Buying your first home is a bittersweet moment for everyone. Sweet because of the excitement and freedom you feel as you browse your dream home and take a leap into independence. Bitter, because of all the confusion and stress that springs from trying to finance this purchase – Where do I start? Who do I talk to? What should I do?
In this article, we will do our best in helping you answer some of these critical questions and make sure you are on the right track from the very start.
Purchasing property has become a very tricky game and even seasoned investors can falter and make mistakes that cost them thousands of dollars. Before taking the first step, it is crucial to consider the different options as well as the costs and risks involved.
Two Big Questions You Need to Answer First
Where to buy and what to buy.
The answer to these will almost always depend on your budget and loan affordability. Once you can work out your affordability, you can start to consider your options more seriously – naturally, each option tends to have some advantages and disadvantages.
Some Classic Options:
You want to buy land & hire a team to build your home from scratch.
+ Your stamp duty costs will be much lower.
+ Overall, you should be able to spend less than you would if buying an existing house.
– You are very likely to run into issues with your team of builders (often).
– These projects often take very long and tend to stretch far beyond the building team’s original intended schedule.
Buying An Existing House.
+ It will take far less time than building a home from scratch.
+ The process overall will be quicker and far less stressful.
– Will be more expensive than building your own home.
– You might need to spend (a significant) extra on renovation costs.
– Your stamp duty costs will be lower.
Buying An Apartment.
+ Apartments are typically near urban areas and are cheaper than larger homes.
+ The buying process should be much quicker and less painful than building your own home.
– Naturally, apartments are smaller than houses.
– Currently, the capital growth of apartments tends to be slower.
– Can an apartment suit your family’s needs for the next 5 (or 10) years?.
Once you have set a budget and chose the best option for you, it’s time to get a loan approval from a lender, either directly with the bank with them or through a broker.
Brokers are able to give you many options to choose from as they aggregate offers from a variety of lenders. Banks will inform you of all the loan offers they have, but usually none outside their institution.
What Do I Need To Request a Loan?
- 6 Months of savings history
- Payslips from an employer with a minimum employment history of 6 Months.
- 5 % Deposit + 5% Stamp duty (example: For a $500,000 property, the funds required will be $25000 + $25000 = $50,000
Important Tips to Remember
1. To be able to borrow the maximum amount, based on your income, try to pay off all short-term debts such as personal loans and credit cards – these reduce your borrowing capacity drastically.
2. Make sure your credit file is clear of any defaults and late or missed payments.
3. Look for and compare the best options for home loans, such the ones with the lowest deposit required and with the best interest rates on offer.
4. Keep all your relevant documents handy, such as payslips, recent bank statements, and IDs.

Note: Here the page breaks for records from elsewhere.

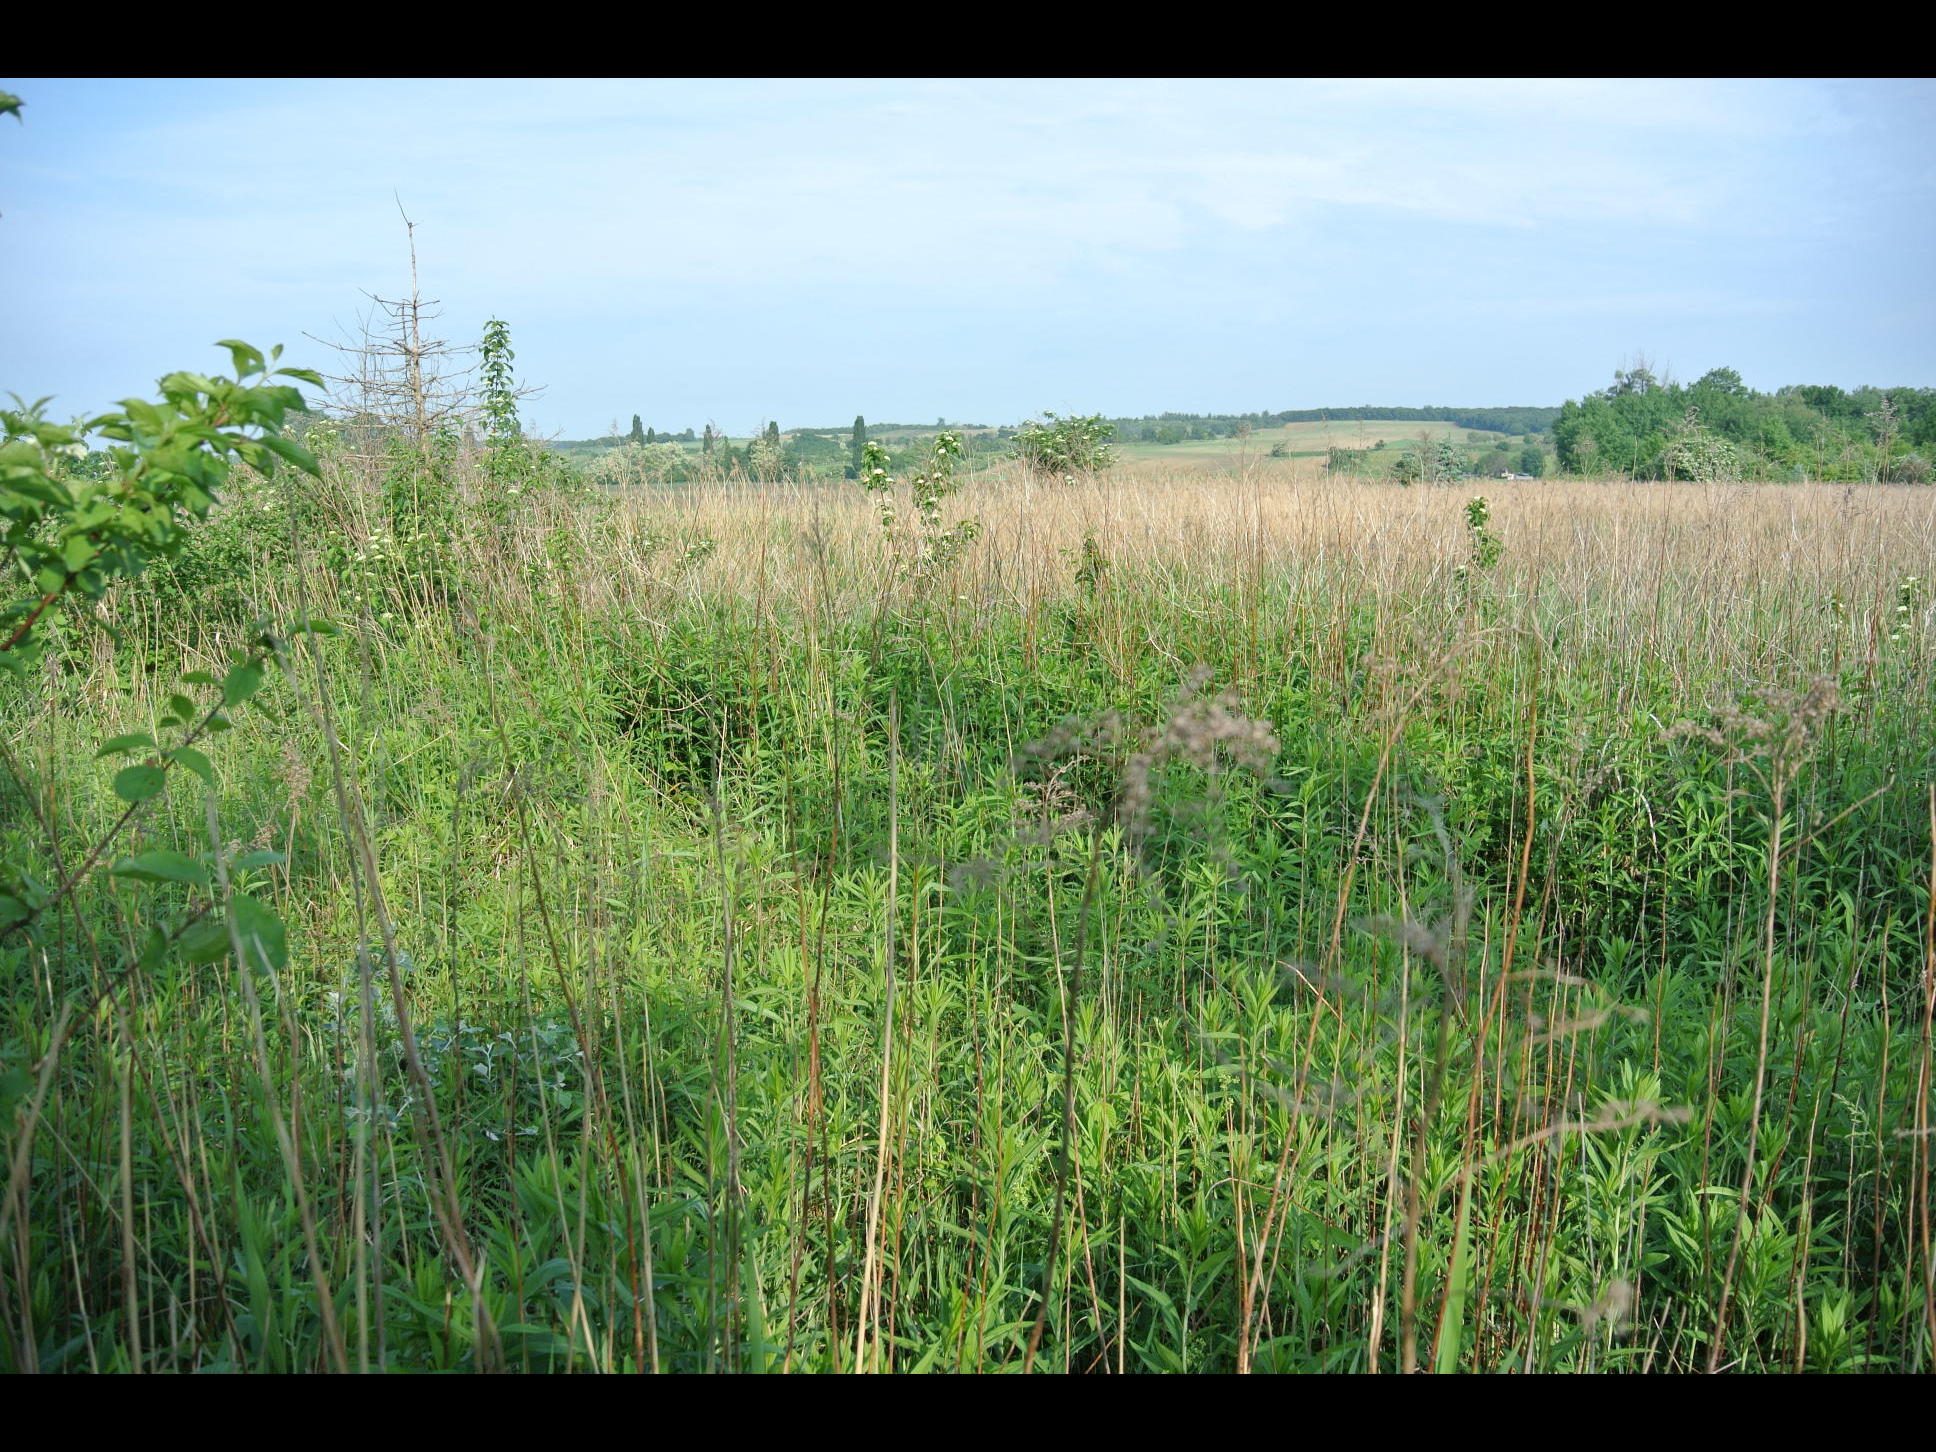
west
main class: Shrubland
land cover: Shrubland with sparse tree cover
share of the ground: 50 - 75 %
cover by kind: shrubs 65 %, herbaceous plants 30 %, broadleaved forest trees 5 %
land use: Semi-natural and natural areas not in use
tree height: > 5 m
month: May
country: AT
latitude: 48.0638
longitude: 16.5674
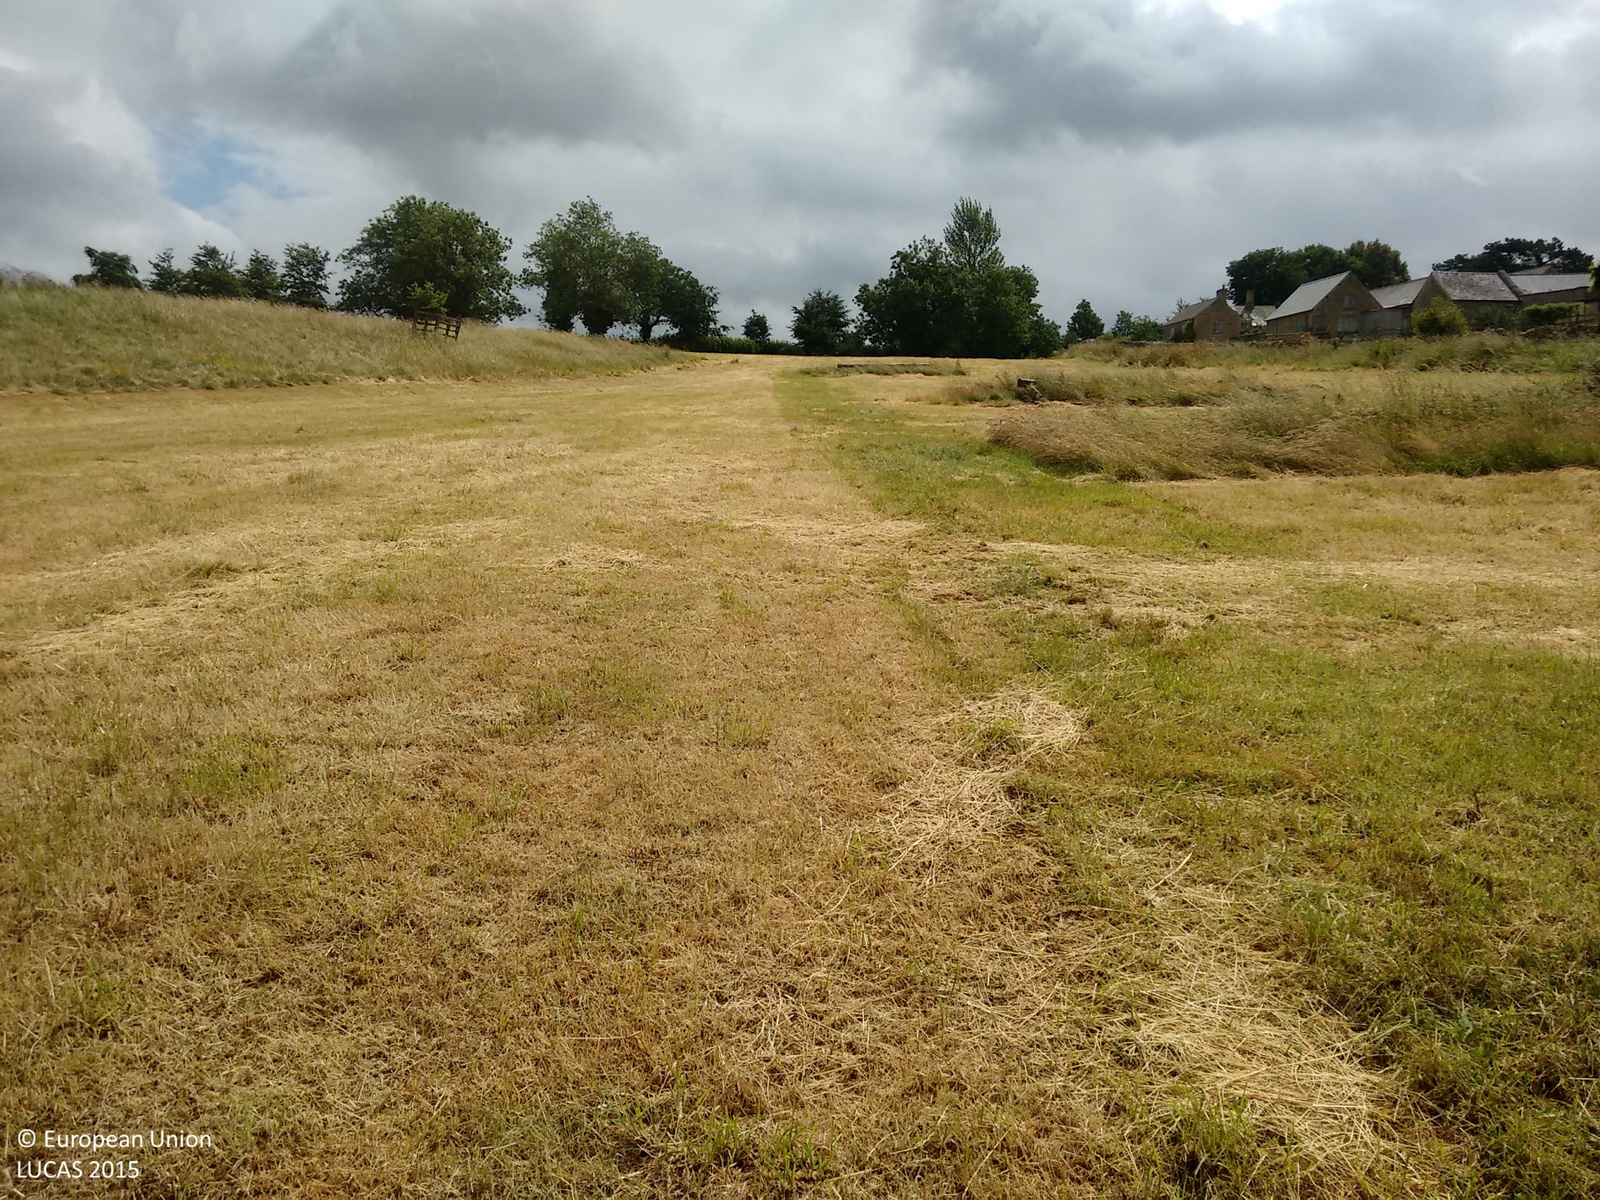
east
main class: Grassland
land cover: Grassland without tree/shrub cover
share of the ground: > 75 %
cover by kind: herbaceous plants 100 %
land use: Residential
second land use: Agriculture (excluding fallow land and kitchen gardens)
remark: Harvested field
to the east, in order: Grassland without tree/shrub cover; Managed hedges; Tracks; Managed hedges; Grassland without tree/shrub cover; Tracks; Grassland without tree/shrub cover
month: July
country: GB
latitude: 51.8997
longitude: -1.5771

This will save you a lot of time and make processing easier.
5. Before signing any papers, make sure you have understood all aspects of the contracts and documents you are signing.
If anything is unclear, it’s always best to take legal or professional advice.
Remember, Banks Will Look At:
1. Your job stability.
2. Your income stability.
3. Your credit history.
4. Your savings and expenses patterns.
5. Your visa and residential status.